---- MATERIAL PROVIDED
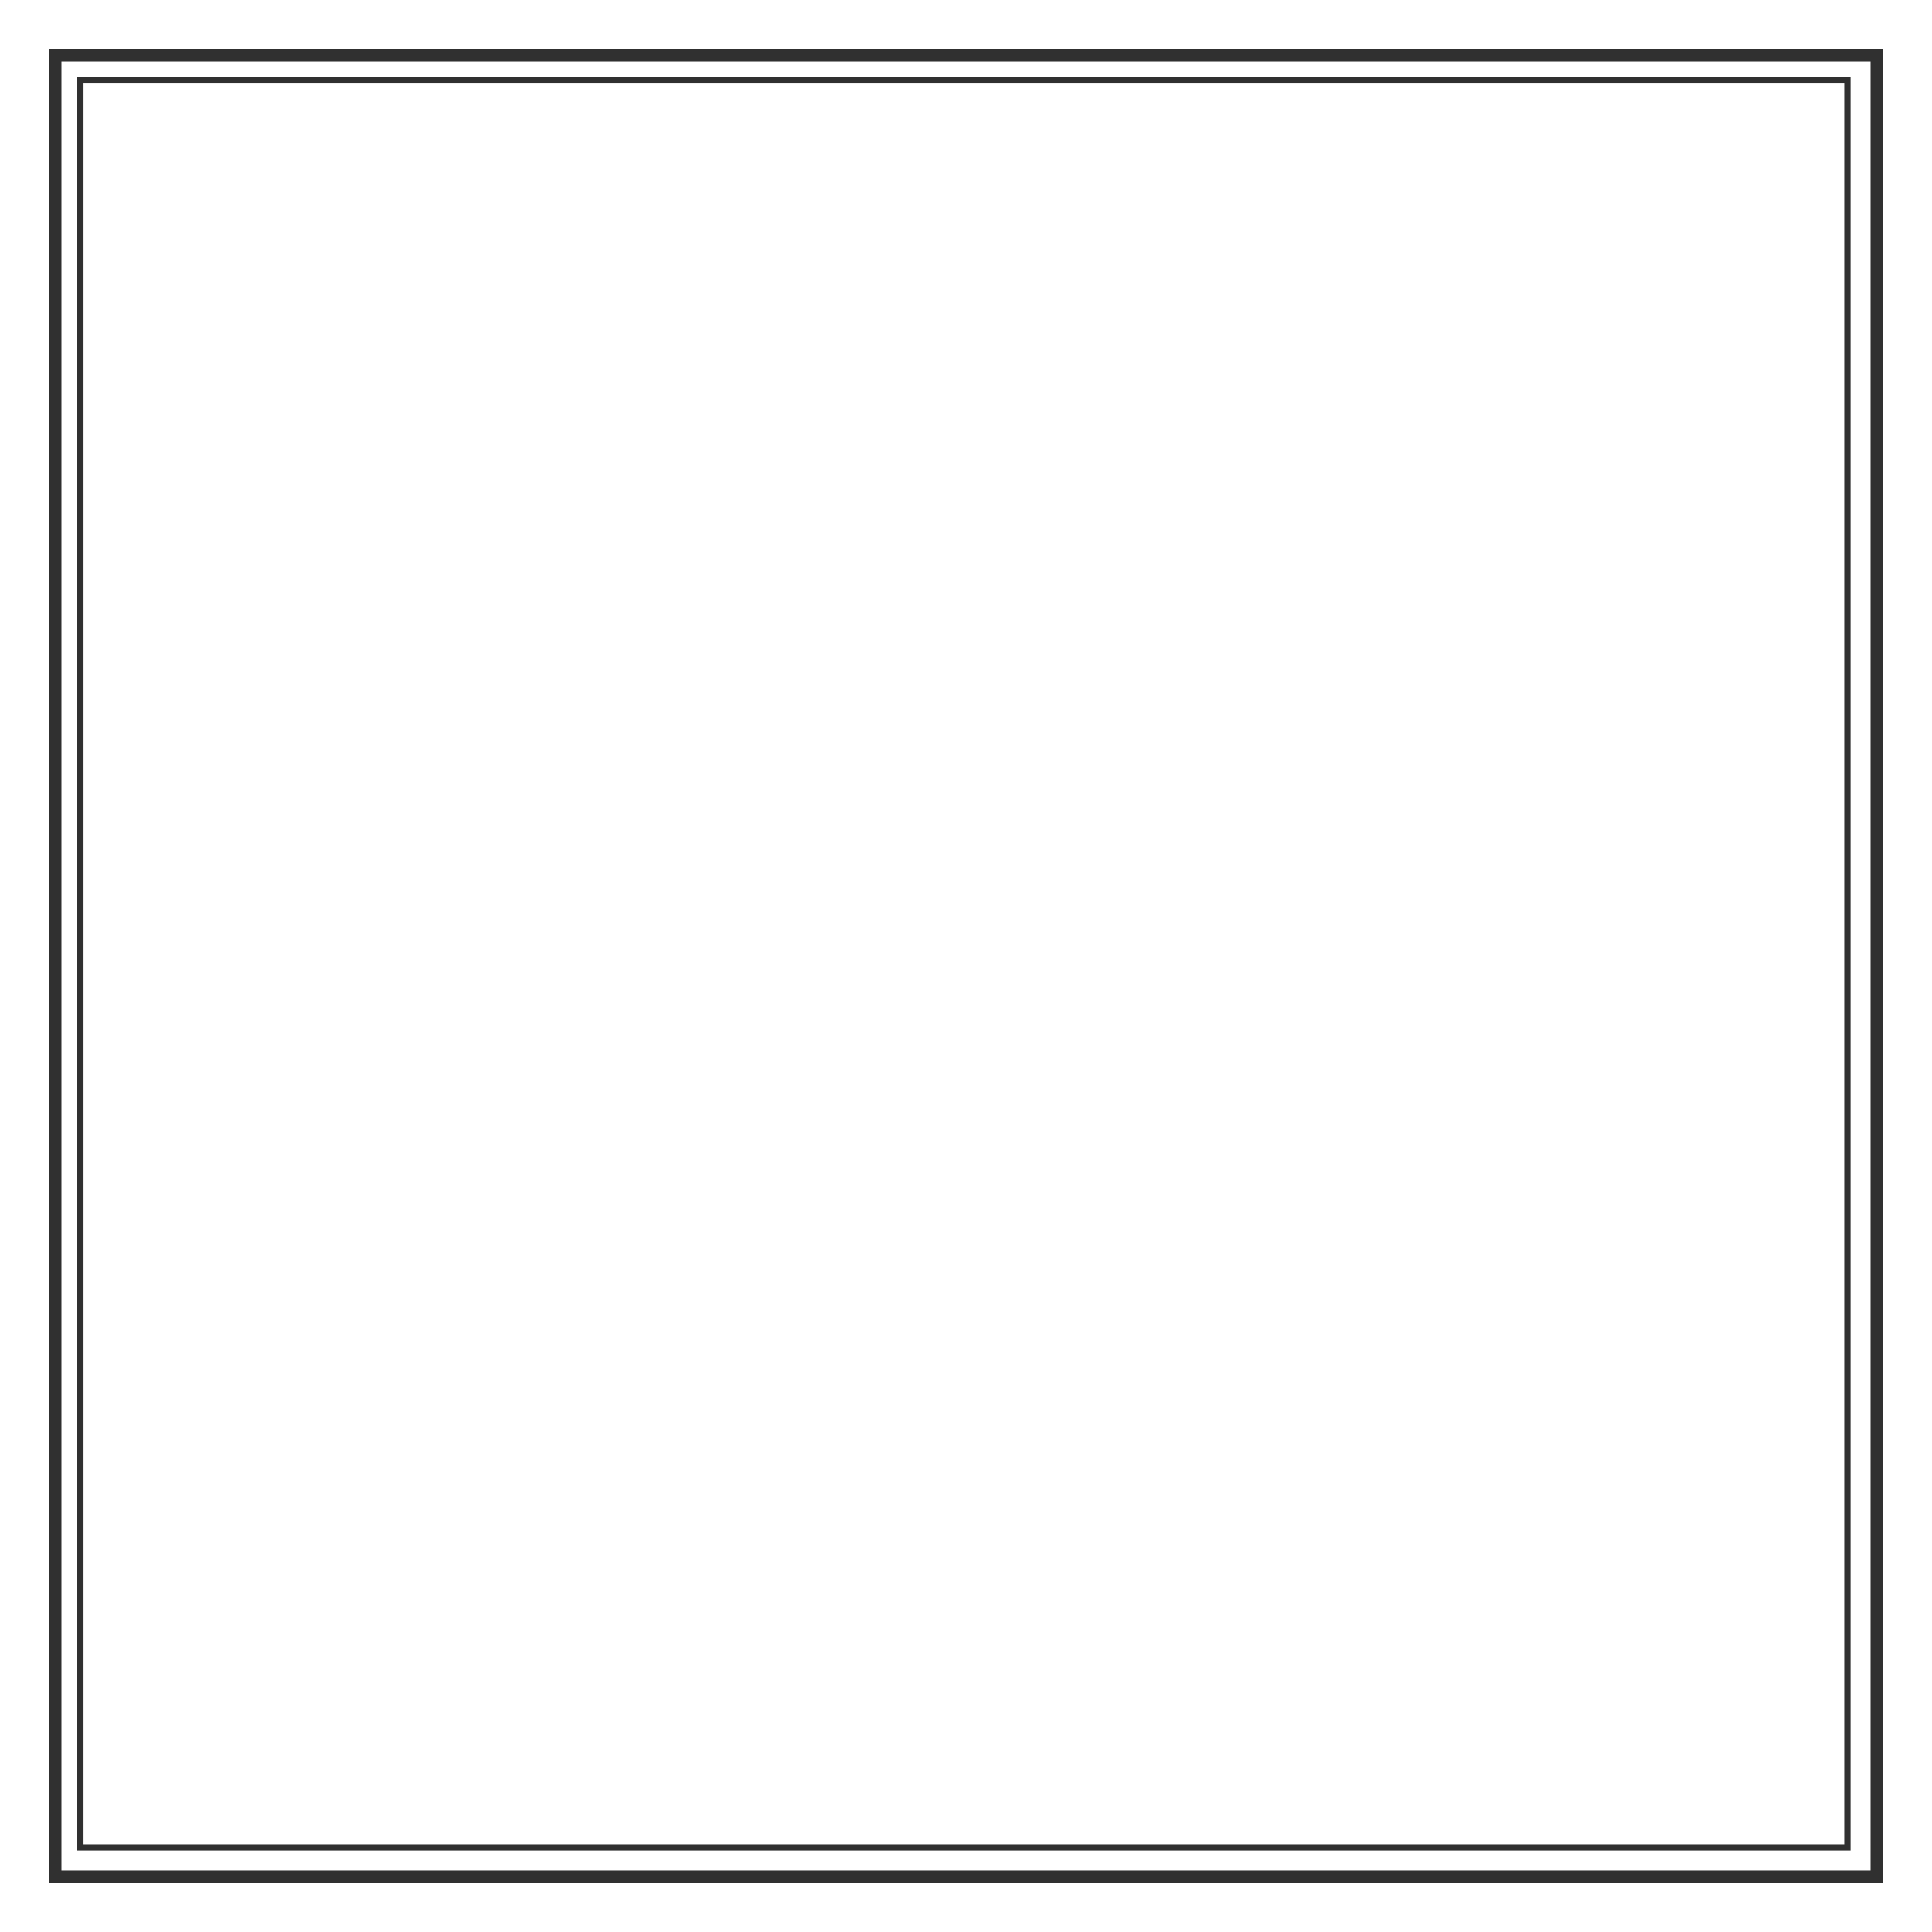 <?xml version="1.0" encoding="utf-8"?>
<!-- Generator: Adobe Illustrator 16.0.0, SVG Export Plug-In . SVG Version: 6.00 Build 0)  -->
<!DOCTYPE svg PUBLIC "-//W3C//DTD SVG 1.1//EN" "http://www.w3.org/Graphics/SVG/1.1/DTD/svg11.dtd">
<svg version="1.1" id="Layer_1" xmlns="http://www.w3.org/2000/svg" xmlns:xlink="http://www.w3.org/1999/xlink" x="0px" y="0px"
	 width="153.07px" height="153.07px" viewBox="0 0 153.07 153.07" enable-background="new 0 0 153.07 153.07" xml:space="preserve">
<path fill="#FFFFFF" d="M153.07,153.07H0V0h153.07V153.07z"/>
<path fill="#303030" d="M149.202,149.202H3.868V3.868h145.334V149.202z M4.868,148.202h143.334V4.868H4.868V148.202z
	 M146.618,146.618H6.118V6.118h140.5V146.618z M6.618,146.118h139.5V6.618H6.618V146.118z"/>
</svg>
--------
◆ **EXERCISE GOAL**: Throughout the data above, report every line that contains the string "path".

◆ **PROBLEM SOLUTION**:
<path fill="#FFFFFF" d="M153.07,153.07H0V0h153.07V153.07z"/>
<path fill="#303030" d="M149.202,149.202H3.868V3.868h145.334V149.202z M4.868,148.202h143.334V4.868H4.868V148.202z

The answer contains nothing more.